*EXERCISE PROMPT*: Only the lines from the line with "Elapsed: 0.8 seconds since image 1." through the end of the records belong in your reply, copied exactly, with every picture left out.

*INPUT*:
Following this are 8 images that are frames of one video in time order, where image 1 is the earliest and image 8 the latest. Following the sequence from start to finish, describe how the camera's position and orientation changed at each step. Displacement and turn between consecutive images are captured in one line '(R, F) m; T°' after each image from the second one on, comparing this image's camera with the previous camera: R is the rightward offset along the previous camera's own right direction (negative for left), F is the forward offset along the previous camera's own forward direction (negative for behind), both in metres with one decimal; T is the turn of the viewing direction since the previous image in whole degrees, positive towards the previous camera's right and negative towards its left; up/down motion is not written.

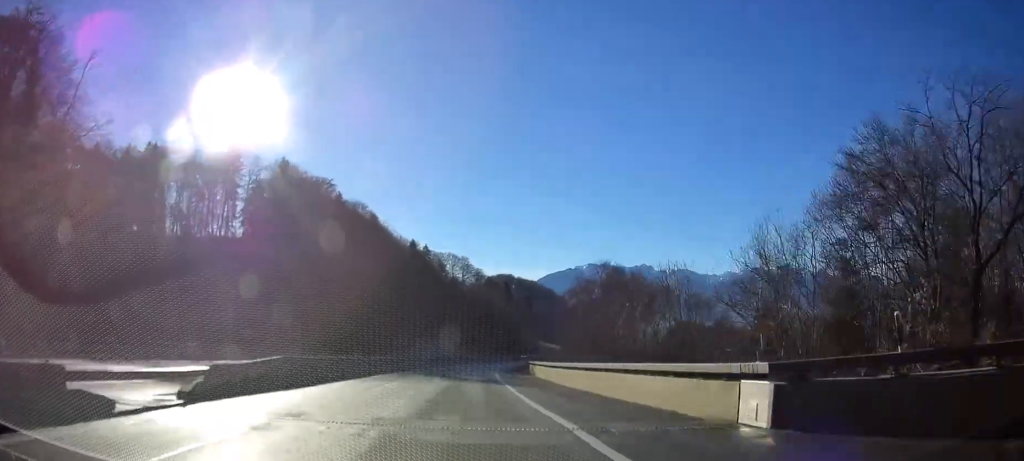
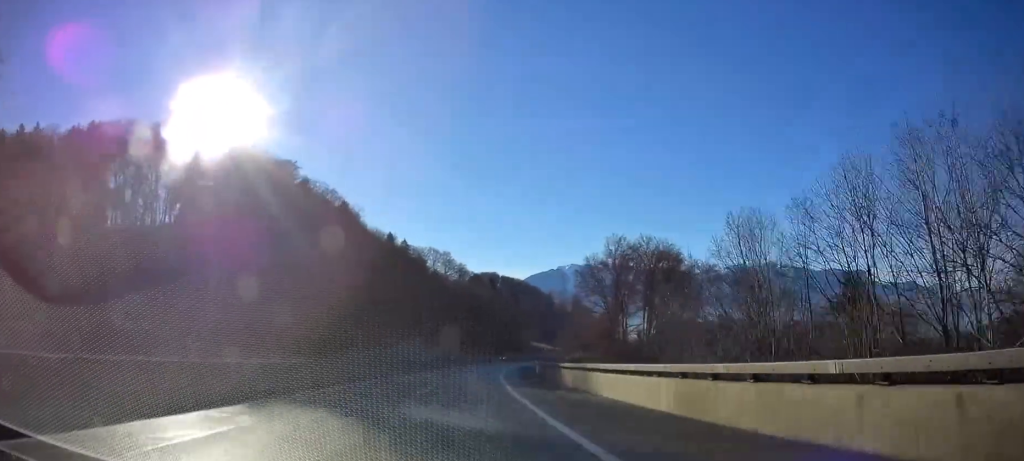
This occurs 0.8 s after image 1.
(+0.1, +26.0) m; +1°
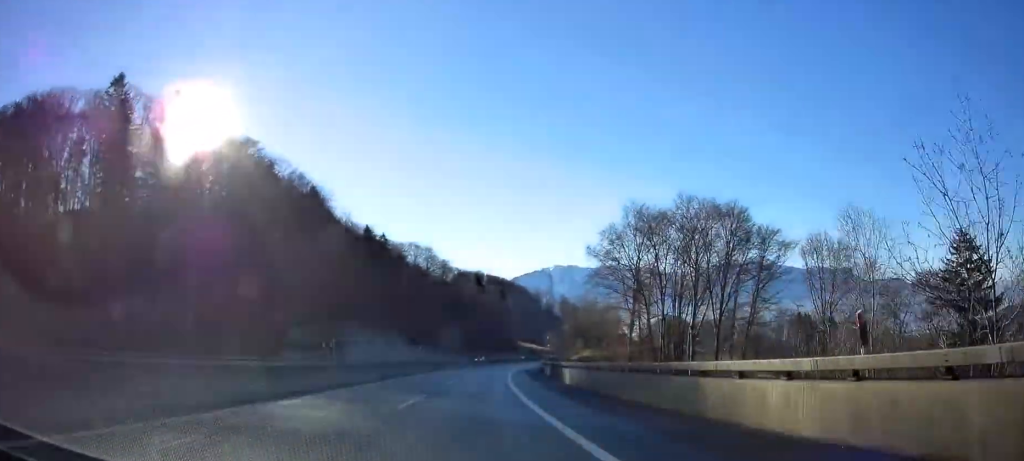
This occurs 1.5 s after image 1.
(+0.3, +23.7) m; +2°
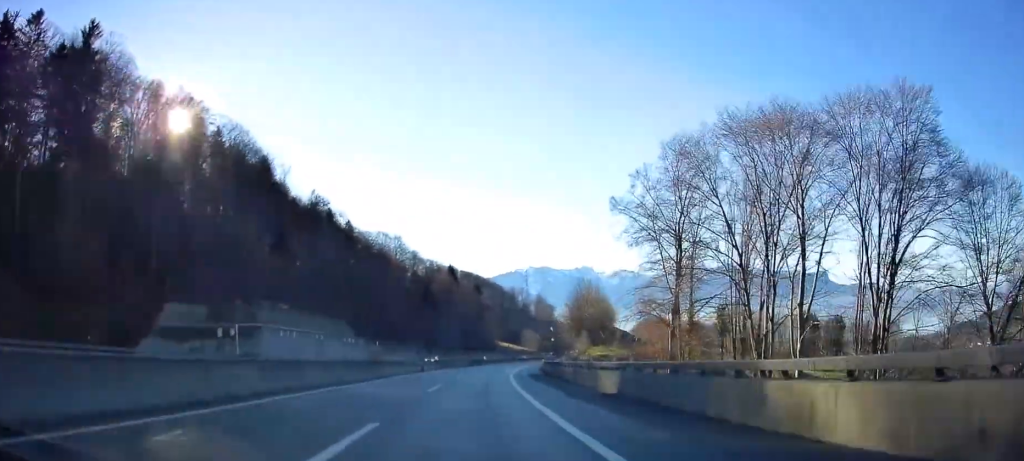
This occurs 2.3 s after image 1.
(+0.6, +28.2) m; +2°
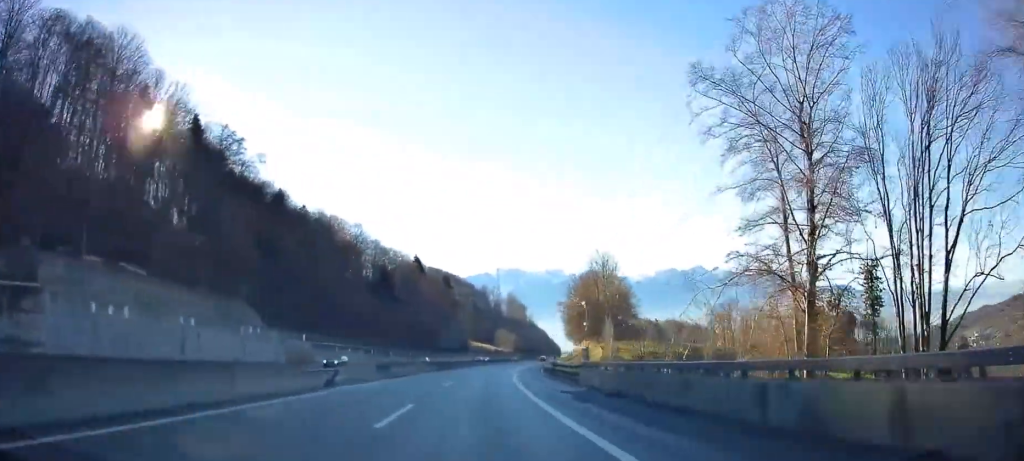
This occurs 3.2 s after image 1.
(+0.7, +29.3) m; +3°
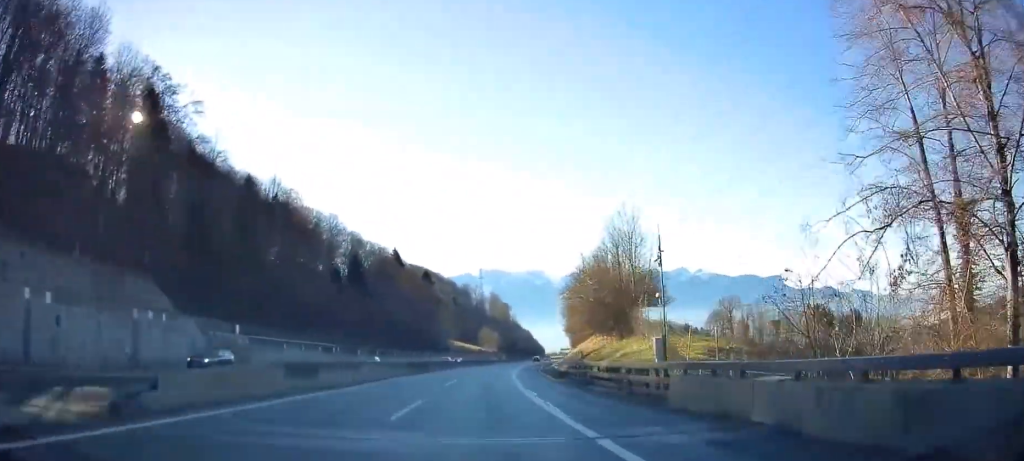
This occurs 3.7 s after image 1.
(0.0, +16.9) m; +1°
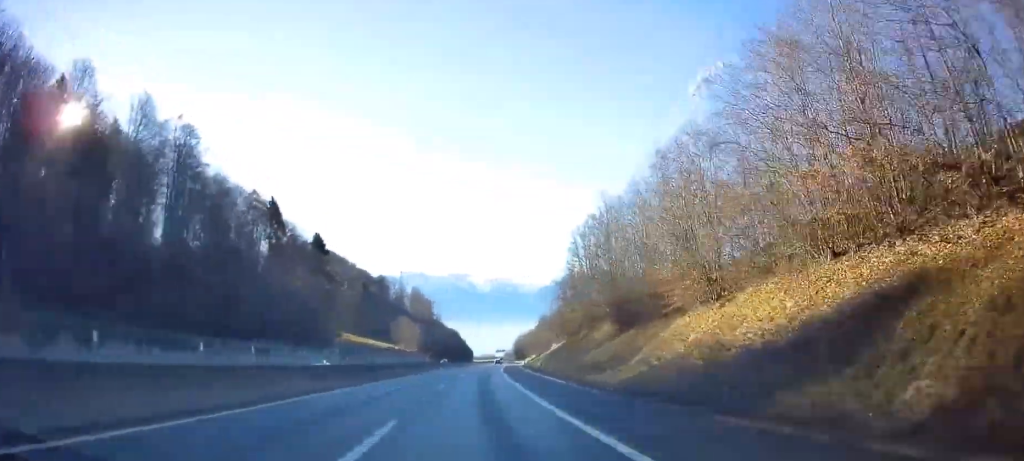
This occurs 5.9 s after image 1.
(+2.5, +76.7) m; +8°
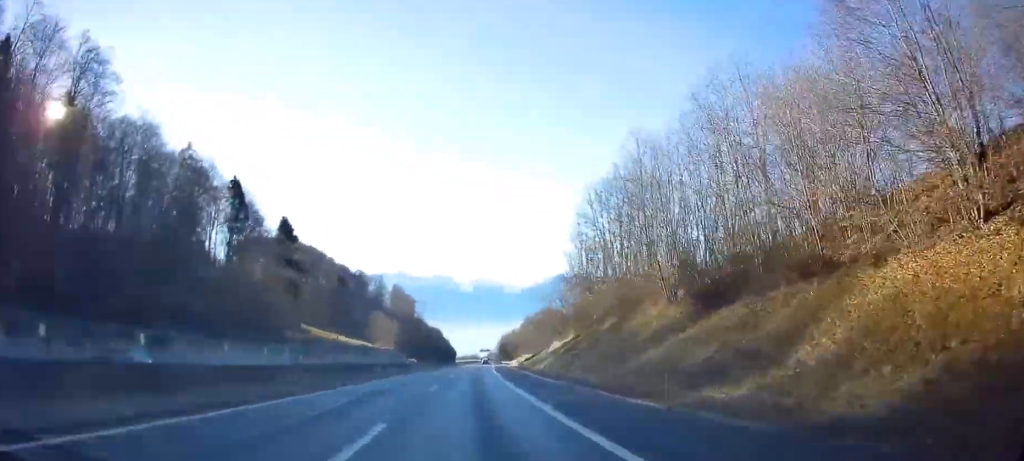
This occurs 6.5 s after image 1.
(+1.7, +18.1) m; +3°
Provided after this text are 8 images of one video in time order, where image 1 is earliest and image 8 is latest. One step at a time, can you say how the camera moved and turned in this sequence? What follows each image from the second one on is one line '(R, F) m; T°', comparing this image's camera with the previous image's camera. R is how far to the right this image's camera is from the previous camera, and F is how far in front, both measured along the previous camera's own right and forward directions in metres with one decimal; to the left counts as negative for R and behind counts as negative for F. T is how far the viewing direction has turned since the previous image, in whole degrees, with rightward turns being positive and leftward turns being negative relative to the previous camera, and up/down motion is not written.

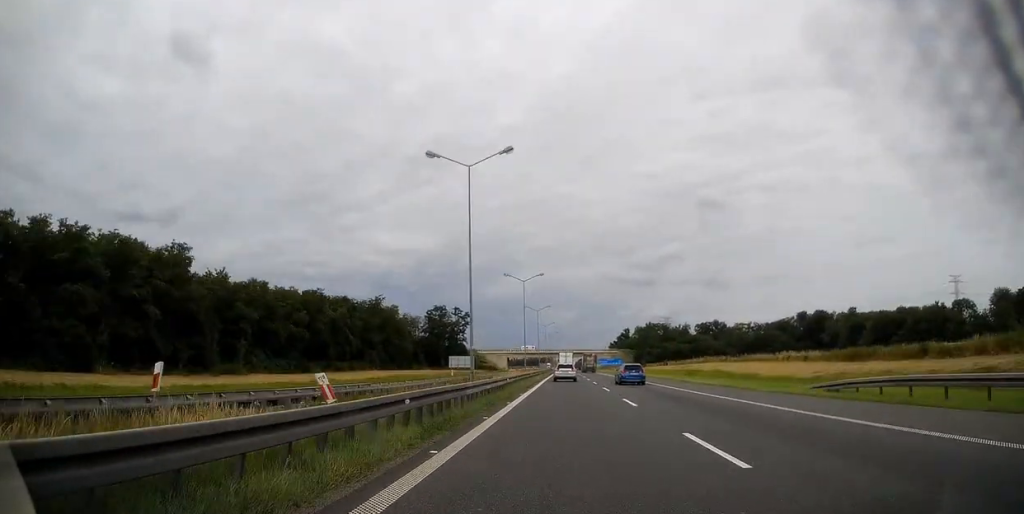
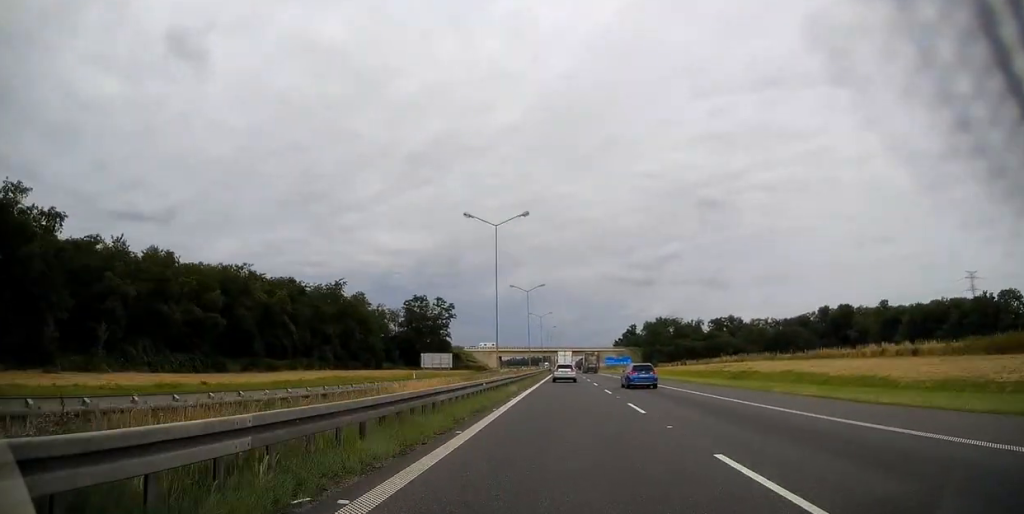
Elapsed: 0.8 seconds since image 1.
(+0.1, +27.1) m; 0°
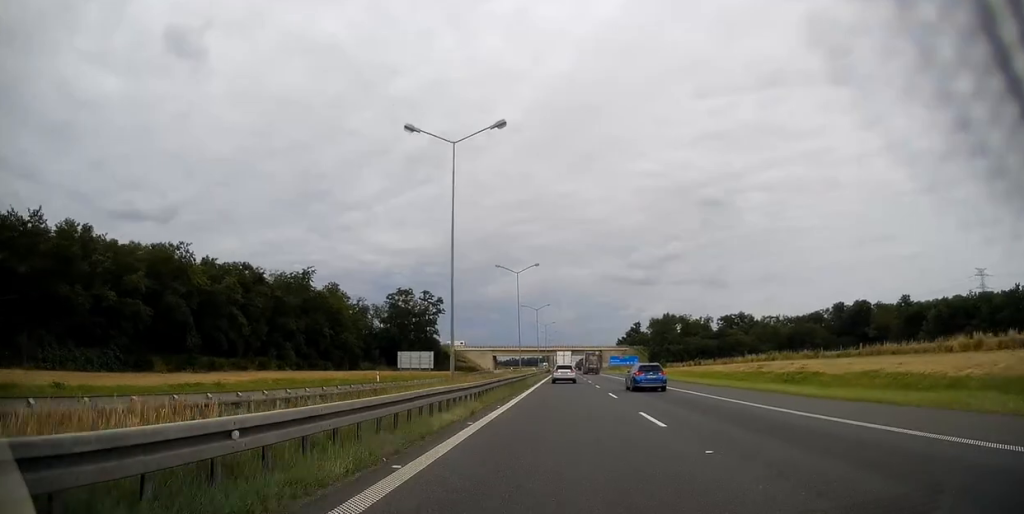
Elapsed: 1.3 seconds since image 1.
(+0.2, +16.1) m; 0°
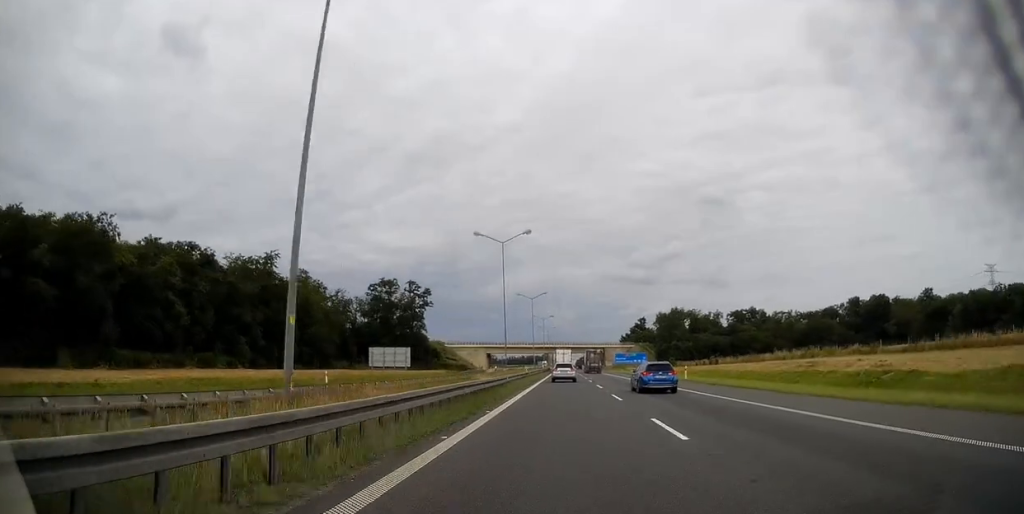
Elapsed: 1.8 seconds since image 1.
(-0.2, +14.7) m; 0°
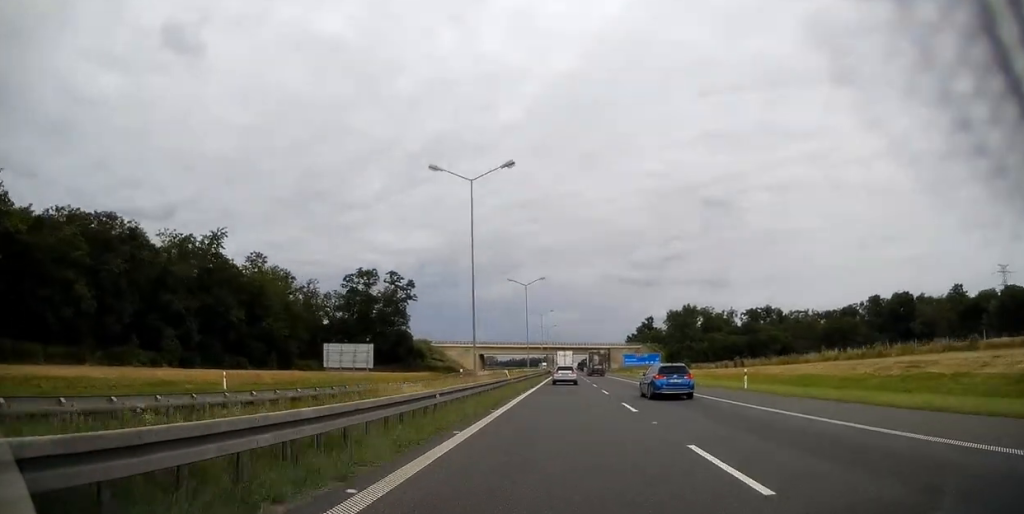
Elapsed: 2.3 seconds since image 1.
(-0.2, +16.8) m; 0°
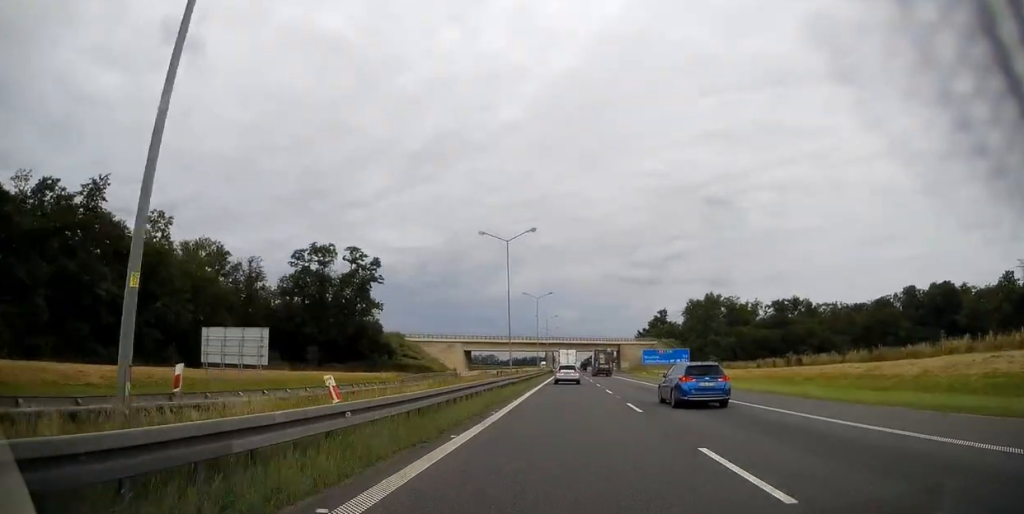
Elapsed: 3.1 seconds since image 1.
(+0.3, +24.8) m; 0°
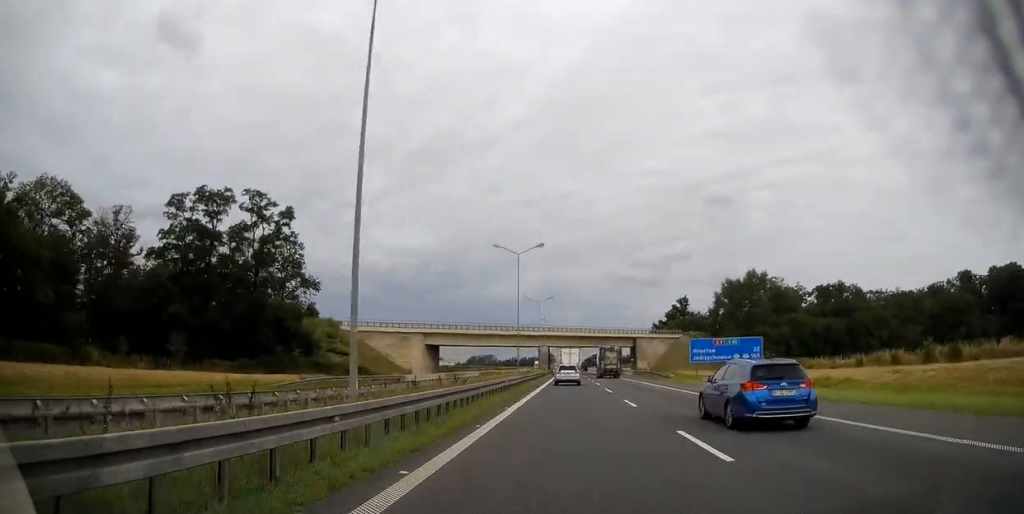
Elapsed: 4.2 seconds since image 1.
(-0.3, +33.7) m; 0°
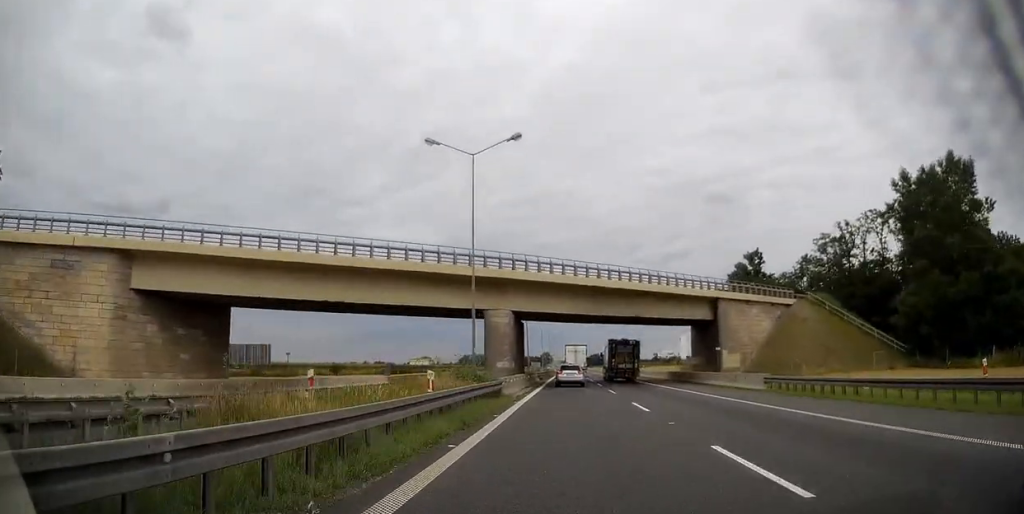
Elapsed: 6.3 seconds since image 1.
(+0.8, +63.3) m; 0°

*YOUR RESPONSE*:
Elapsed: 0.8 seconds since image 1.
(+0.1, +27.1) m; 0°
Elapsed: 1.3 seconds since image 1.
(+0.2, +16.1) m; 0°
Elapsed: 1.8 seconds since image 1.
(-0.2, +14.7) m; 0°
Elapsed: 2.3 seconds since image 1.
(-0.2, +16.8) m; 0°
Elapsed: 3.1 seconds since image 1.
(+0.3, +24.8) m; 0°
Elapsed: 4.2 seconds since image 1.
(-0.3, +33.7) m; 0°
Elapsed: 6.3 seconds since image 1.
(+0.8, +63.3) m; 0°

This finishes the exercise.